Task brief: Return the listing below unchanged, except that the pictures are dropped.
[[ Provided data open ]]
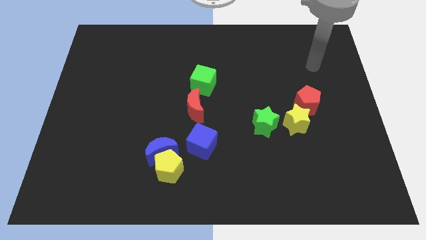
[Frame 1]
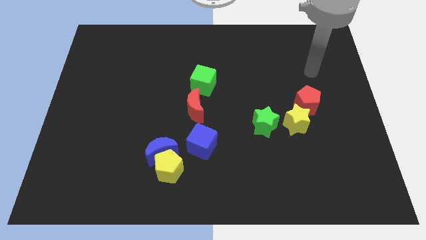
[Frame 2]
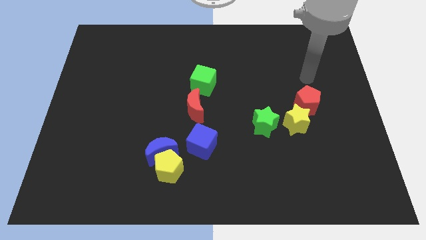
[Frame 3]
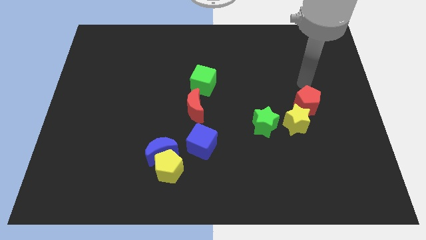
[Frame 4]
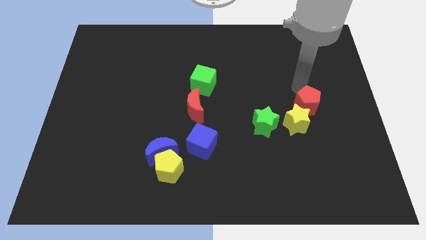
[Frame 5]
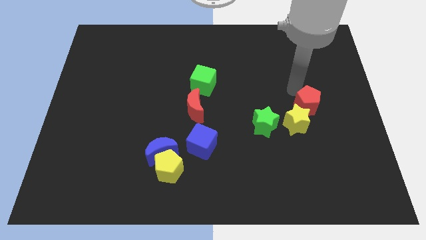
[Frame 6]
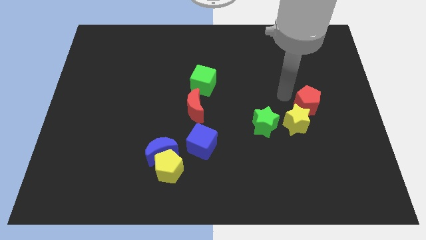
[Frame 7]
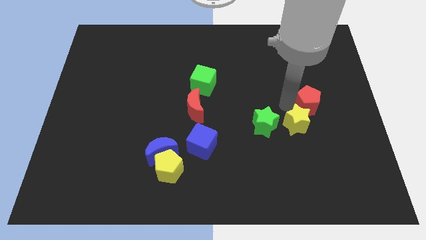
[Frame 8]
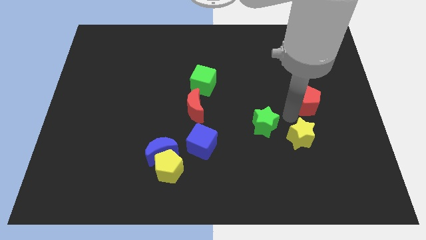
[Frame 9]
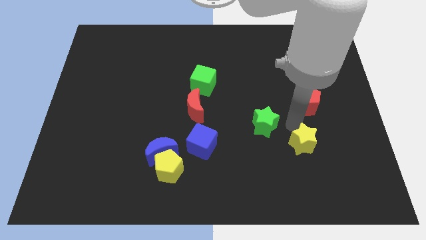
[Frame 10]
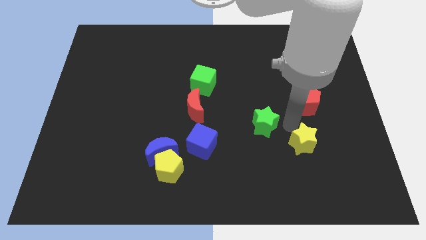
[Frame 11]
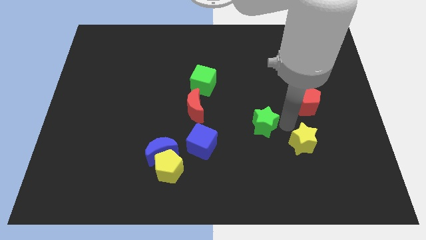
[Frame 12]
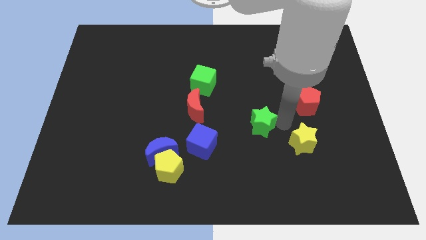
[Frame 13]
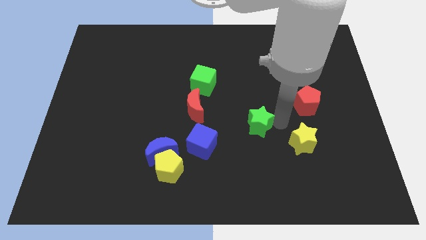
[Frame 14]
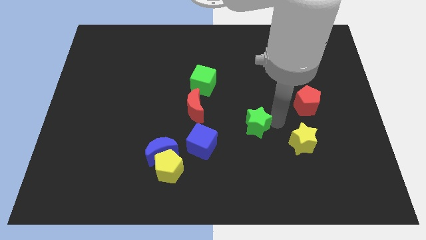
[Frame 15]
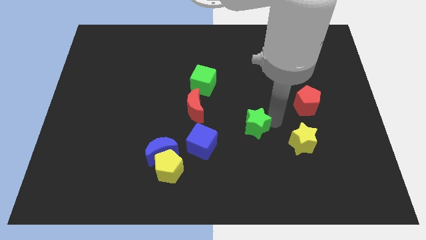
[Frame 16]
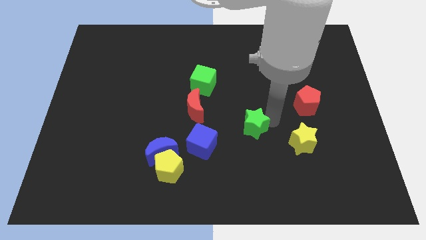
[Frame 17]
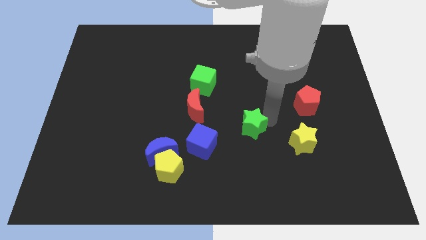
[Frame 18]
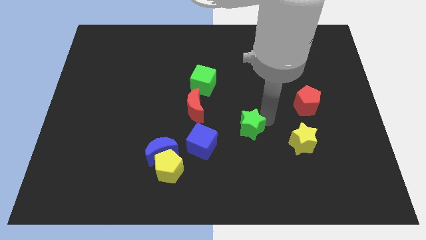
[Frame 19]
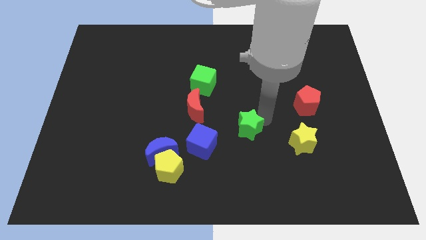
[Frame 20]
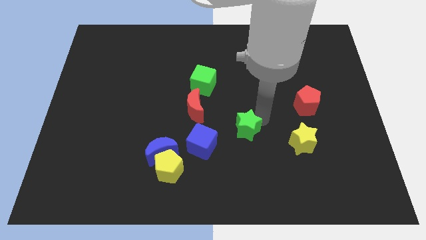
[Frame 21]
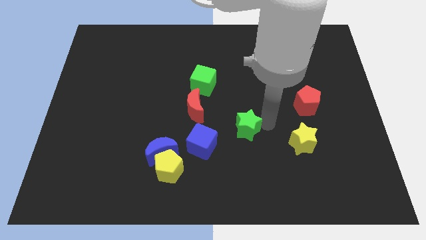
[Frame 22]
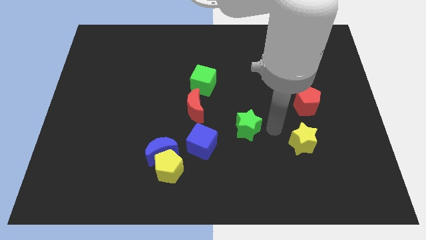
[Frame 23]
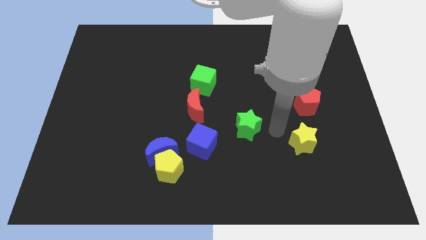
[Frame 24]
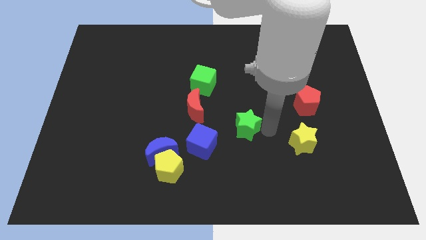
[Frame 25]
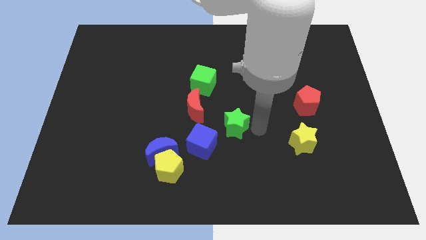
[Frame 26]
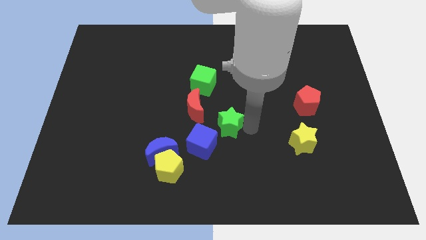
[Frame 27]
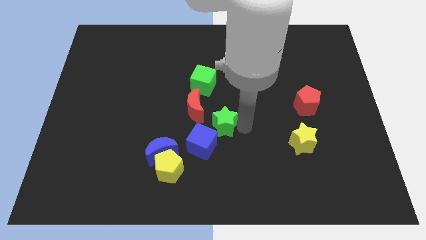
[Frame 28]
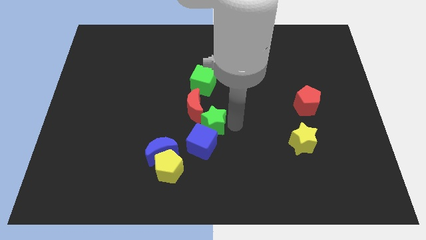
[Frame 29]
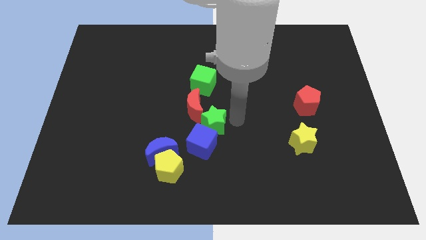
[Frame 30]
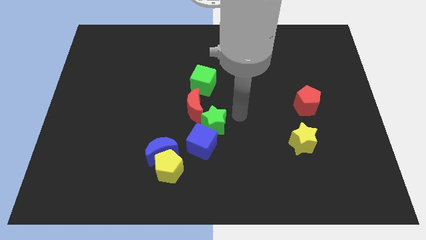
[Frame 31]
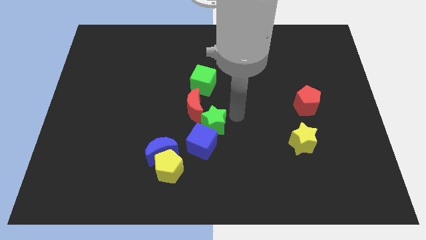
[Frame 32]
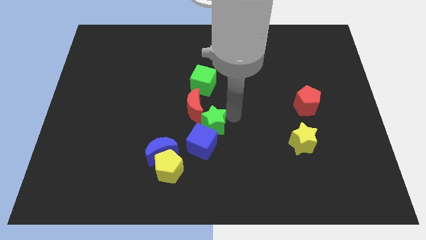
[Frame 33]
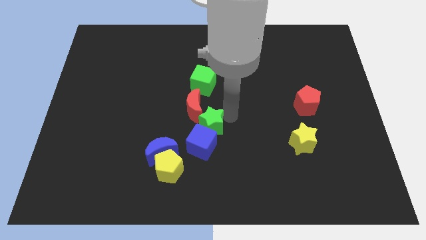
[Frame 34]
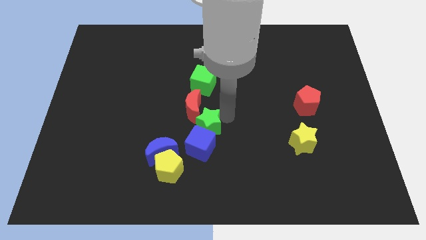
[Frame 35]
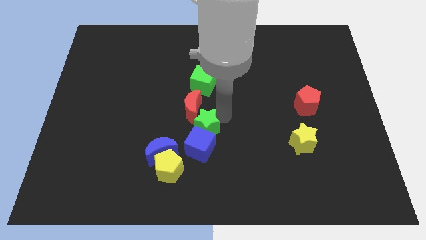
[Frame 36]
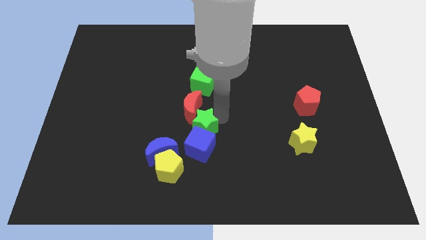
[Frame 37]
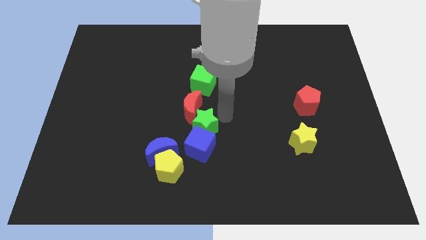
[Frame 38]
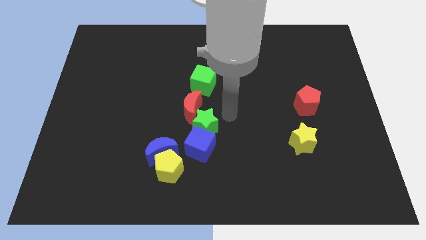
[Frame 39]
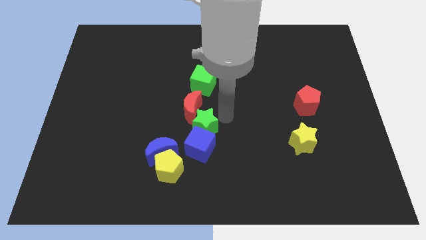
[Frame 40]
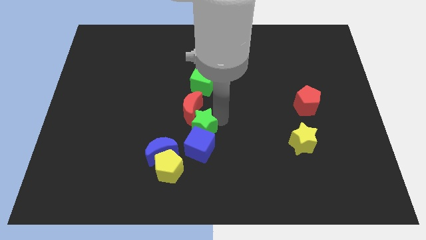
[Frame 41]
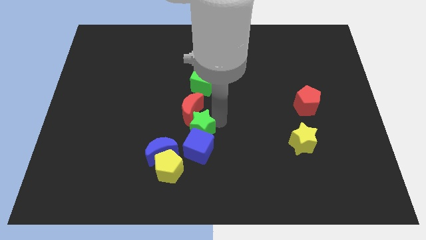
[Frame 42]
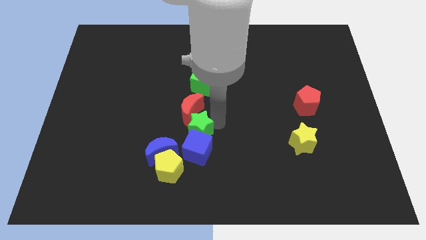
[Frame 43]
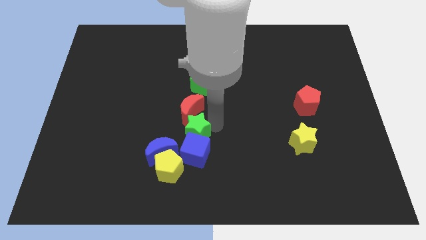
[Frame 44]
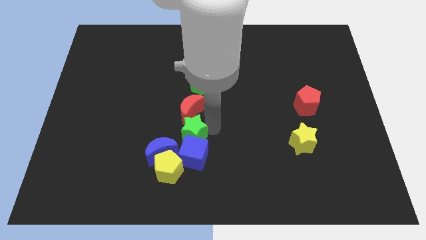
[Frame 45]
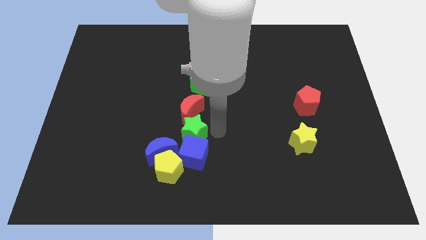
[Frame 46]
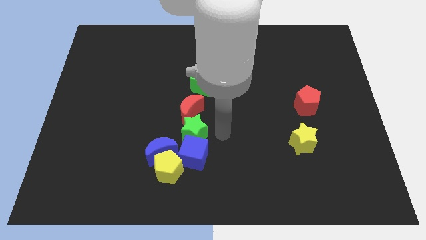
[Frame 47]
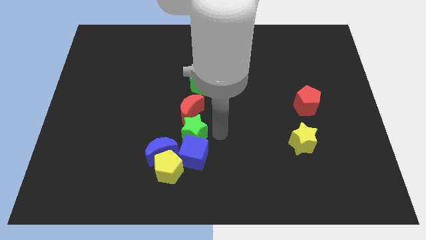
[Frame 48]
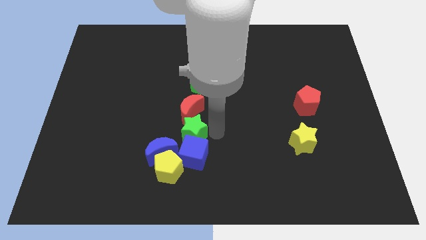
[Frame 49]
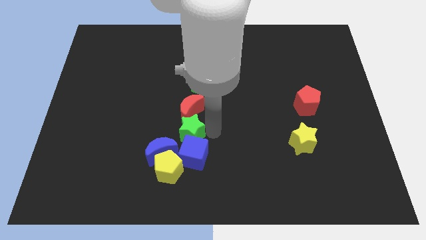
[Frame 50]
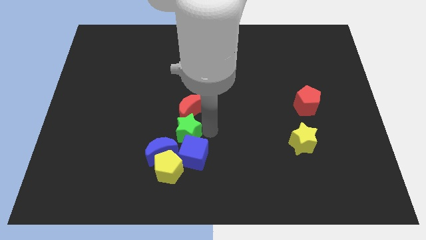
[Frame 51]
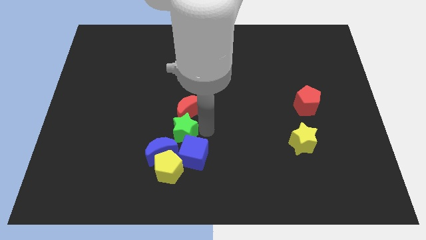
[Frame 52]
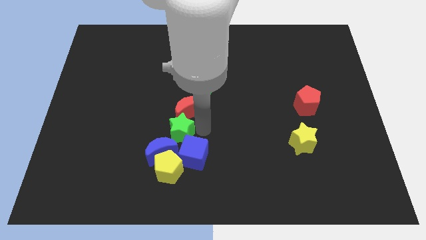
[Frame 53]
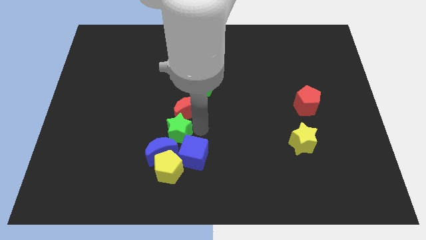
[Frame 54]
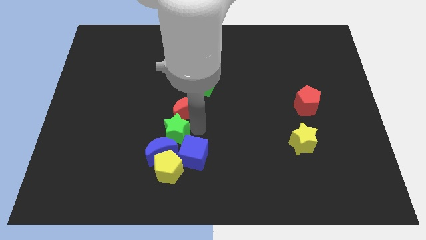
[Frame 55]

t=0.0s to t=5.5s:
slide the green star to the left
[[ Provided data closed ]]
Answer below:
[Frame 1]
[Frame 2]
[Frame 3]
[Frame 4]
[Frame 5]
[Frame 6]
[Frame 7]
[Frame 8]
[Frame 9]
[Frame 10]
[Frame 11]
[Frame 12]
[Frame 13]
[Frame 14]
[Frame 15]
[Frame 16]
[Frame 17]
[Frame 18]
[Frame 19]
[Frame 20]
[Frame 21]
[Frame 22]
[Frame 23]
[Frame 24]
[Frame 25]
[Frame 26]
[Frame 27]
[Frame 28]
[Frame 29]
[Frame 30]
[Frame 31]
[Frame 32]
[Frame 33]
[Frame 34]
[Frame 35]
[Frame 36]
[Frame 37]
[Frame 38]
[Frame 39]
[Frame 40]
[Frame 41]
[Frame 42]
[Frame 43]
[Frame 44]
[Frame 45]
[Frame 46]
[Frame 47]
[Frame 48]
[Frame 49]
[Frame 50]
[Frame 51]
[Frame 52]
[Frame 53]
[Frame 54]
[Frame 55]

t=0.0s to t=5.5s:
slide the green star to the left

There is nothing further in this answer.